Records contained in a dataset
+ + +

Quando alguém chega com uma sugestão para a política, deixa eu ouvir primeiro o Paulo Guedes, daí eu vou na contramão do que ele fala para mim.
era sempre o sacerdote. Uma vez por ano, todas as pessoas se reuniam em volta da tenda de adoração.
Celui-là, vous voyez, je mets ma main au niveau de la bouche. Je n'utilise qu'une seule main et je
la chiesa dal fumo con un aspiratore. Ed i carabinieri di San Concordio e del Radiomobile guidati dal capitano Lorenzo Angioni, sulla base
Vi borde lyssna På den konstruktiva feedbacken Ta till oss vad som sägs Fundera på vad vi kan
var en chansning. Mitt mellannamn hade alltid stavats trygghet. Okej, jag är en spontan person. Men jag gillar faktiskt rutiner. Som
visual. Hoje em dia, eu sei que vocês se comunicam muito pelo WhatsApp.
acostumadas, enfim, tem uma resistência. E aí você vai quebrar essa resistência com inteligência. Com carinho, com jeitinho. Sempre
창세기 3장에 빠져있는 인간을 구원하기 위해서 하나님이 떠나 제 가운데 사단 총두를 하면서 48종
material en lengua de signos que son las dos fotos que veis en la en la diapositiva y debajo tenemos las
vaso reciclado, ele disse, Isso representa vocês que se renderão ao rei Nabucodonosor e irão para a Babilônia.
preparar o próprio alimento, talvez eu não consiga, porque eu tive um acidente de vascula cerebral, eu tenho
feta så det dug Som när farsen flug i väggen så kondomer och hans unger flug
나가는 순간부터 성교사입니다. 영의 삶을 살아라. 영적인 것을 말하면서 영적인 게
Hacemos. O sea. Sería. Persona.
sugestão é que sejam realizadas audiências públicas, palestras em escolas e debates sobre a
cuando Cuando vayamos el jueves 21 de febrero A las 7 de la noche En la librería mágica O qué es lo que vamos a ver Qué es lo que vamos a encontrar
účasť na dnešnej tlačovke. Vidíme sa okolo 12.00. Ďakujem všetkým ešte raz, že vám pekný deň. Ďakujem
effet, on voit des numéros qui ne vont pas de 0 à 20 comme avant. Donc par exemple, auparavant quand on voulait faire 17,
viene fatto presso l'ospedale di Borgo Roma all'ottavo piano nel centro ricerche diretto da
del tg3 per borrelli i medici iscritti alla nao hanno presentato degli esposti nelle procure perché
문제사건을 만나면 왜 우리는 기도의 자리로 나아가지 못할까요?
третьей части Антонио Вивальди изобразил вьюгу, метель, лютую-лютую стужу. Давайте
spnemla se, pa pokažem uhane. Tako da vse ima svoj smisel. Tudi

+ + +

Which lines in the records above hold the string "vocês"? Copy each of them.

visual. Hoje em dia, eu sei que vocês se comunicam muito pelo WhatsApp.
vaso reciclado, ele disse, Isso representa vocês que se renderão ao rei Nabucodonosor e irão para a Babilônia.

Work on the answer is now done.